# [DIRECTIONS]
Give back the entries exactly as they read, leaving each image out.

——

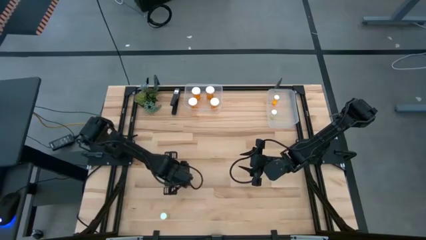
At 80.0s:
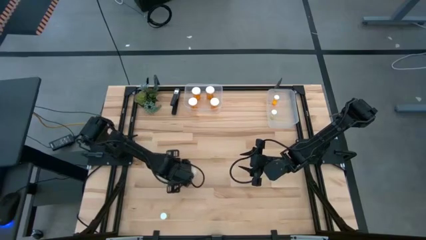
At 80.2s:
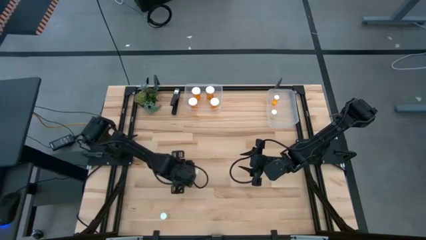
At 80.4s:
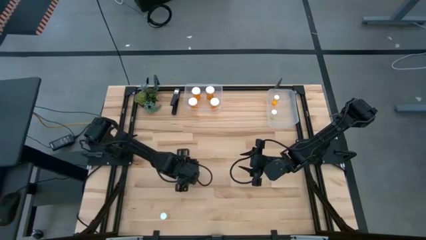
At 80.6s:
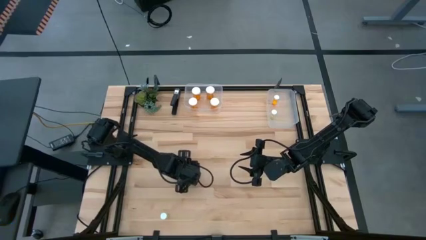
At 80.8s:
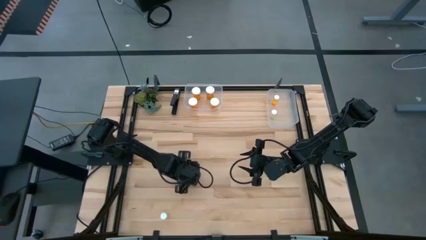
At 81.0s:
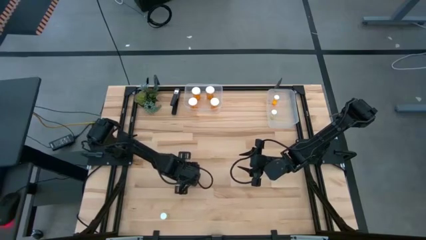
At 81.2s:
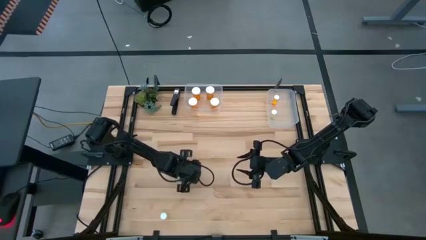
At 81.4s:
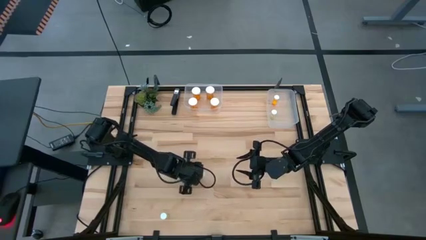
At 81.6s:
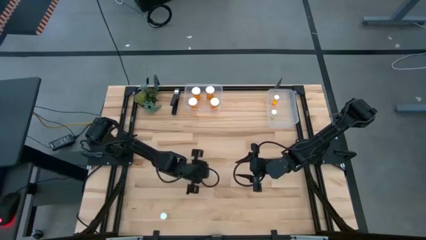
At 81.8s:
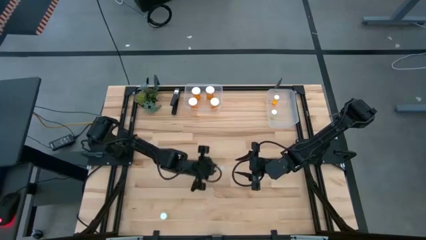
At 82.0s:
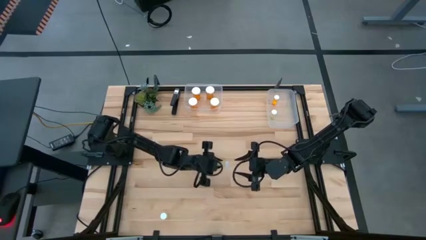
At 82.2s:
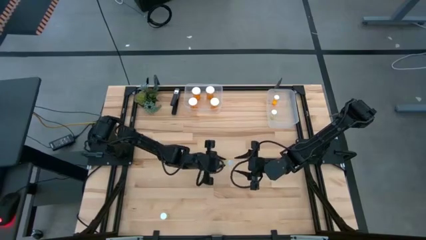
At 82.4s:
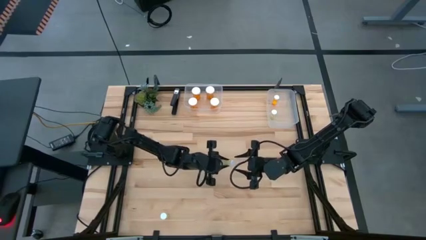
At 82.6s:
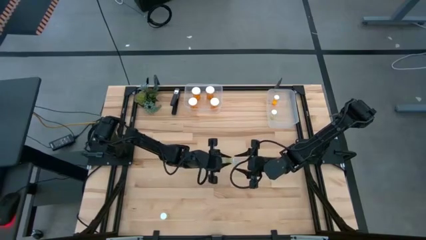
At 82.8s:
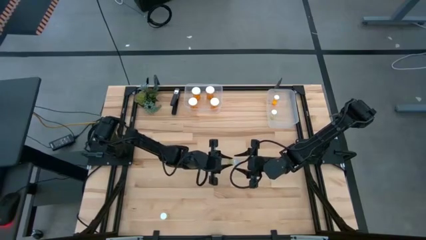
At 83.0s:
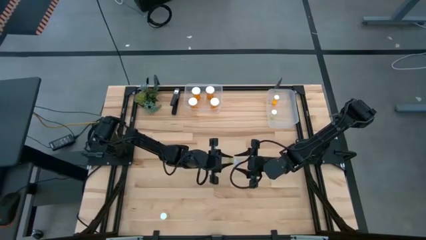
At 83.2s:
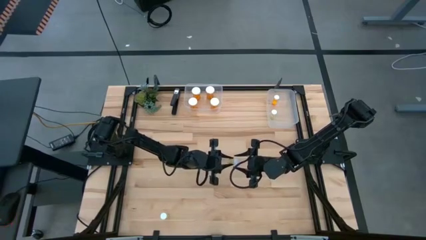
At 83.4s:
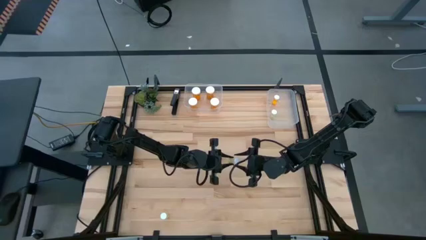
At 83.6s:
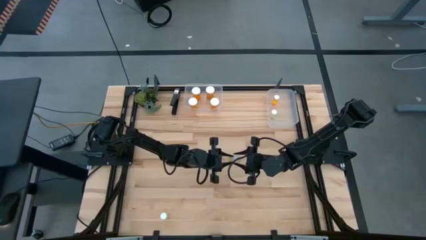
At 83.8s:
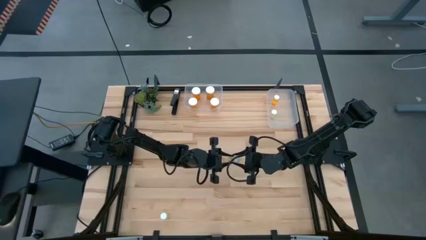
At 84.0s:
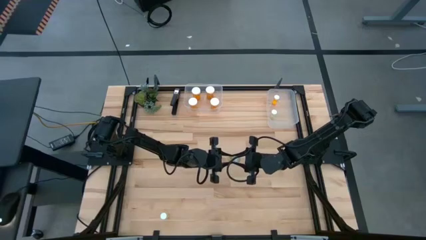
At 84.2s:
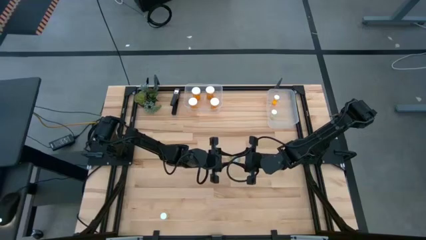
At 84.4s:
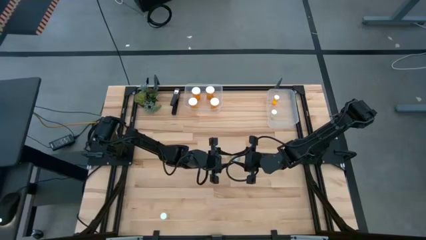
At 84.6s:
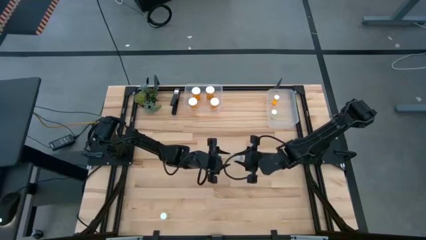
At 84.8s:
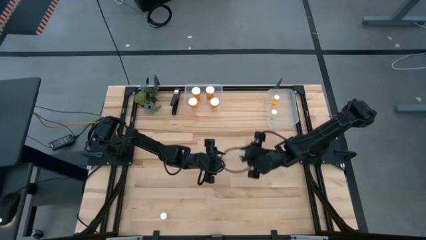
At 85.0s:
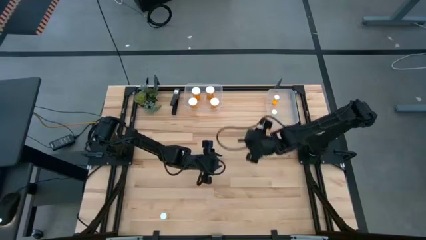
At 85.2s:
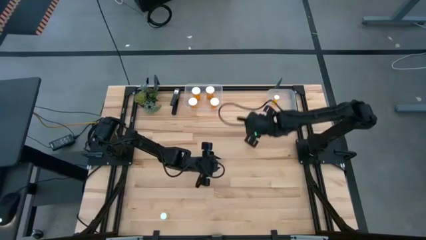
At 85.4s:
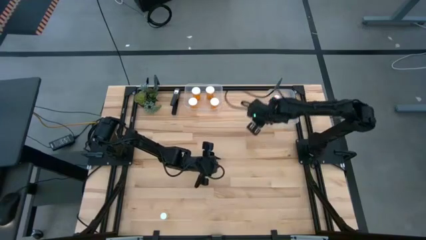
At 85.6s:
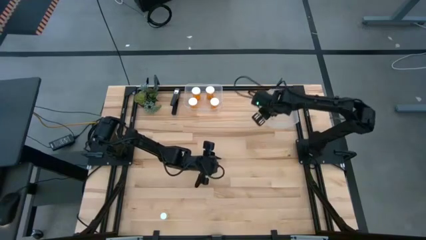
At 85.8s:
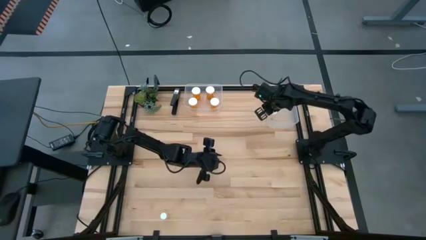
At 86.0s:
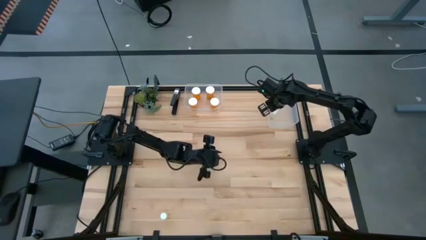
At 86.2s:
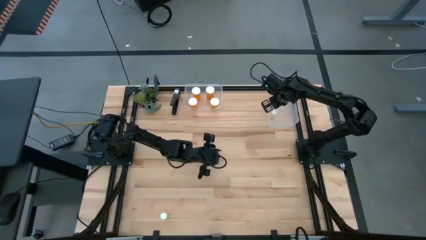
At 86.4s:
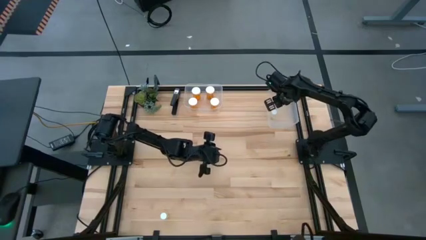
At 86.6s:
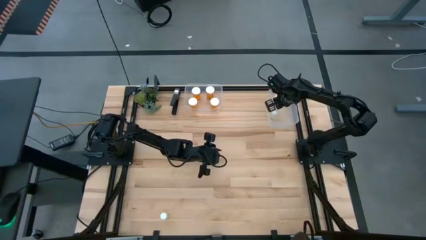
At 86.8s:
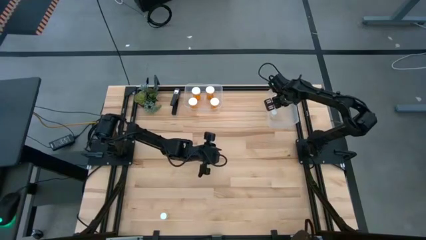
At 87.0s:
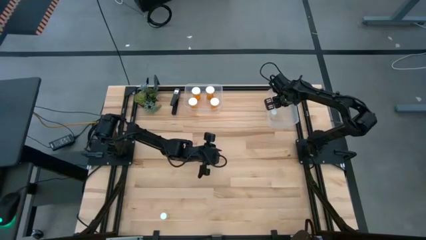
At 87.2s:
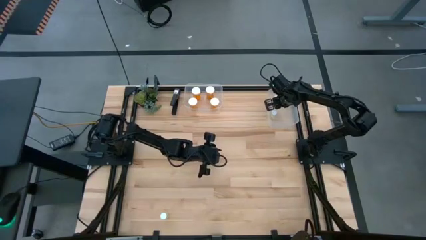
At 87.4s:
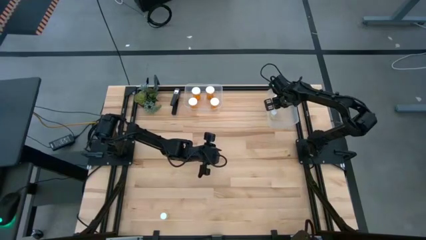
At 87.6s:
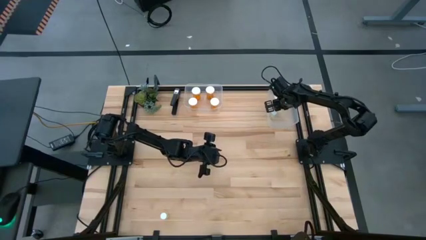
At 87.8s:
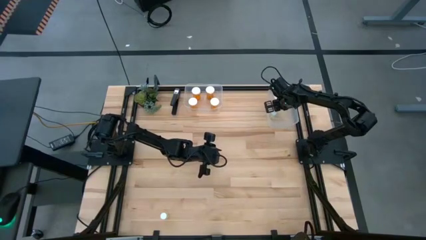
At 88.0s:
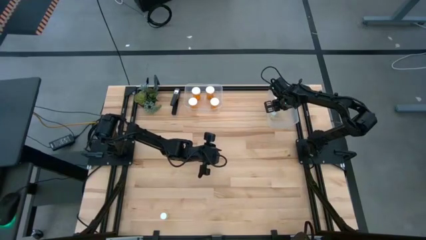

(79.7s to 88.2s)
Task: Pick and place medicine bottles into bin by pill shape (circle, oval)
Put the top small yellow pill bottle into the right transparent bin

——

# [ANSWER BOX]
At 80.0s:
At 80.2s:
At 80.4s:
At 80.6s:
At 80.8s:
At 81.0s:
At 81.2s:
At 81.4s:
At 81.6s:
At 81.8s:
At 82.0s:
At 82.2s:
At 82.4s:
At 82.6s:
At 82.8s:
At 83.0s:
At 83.2s:
At 83.4s:
At 83.6s:
At 83.8s:
At 84.0s:
At 84.2s:
At 84.4s:
At 84.6s:
At 84.8s:
At 85.0s:
At 85.2s:
At 85.4s:
At 85.6s:
At 85.8s:
At 86.0s:
At 86.2s:
At 86.4s:
At 86.6s:
At 86.8s:
At 87.0s:
At 87.2s:
At 87.4s:
At 87.6s:
At 87.8s:
At 88.0s:

(79.7s to 88.2s)
Task: Pick and place medicine bottles into bin by pill shape (circle, oval)
Put the top small yellow pill bottle into the right transparent bin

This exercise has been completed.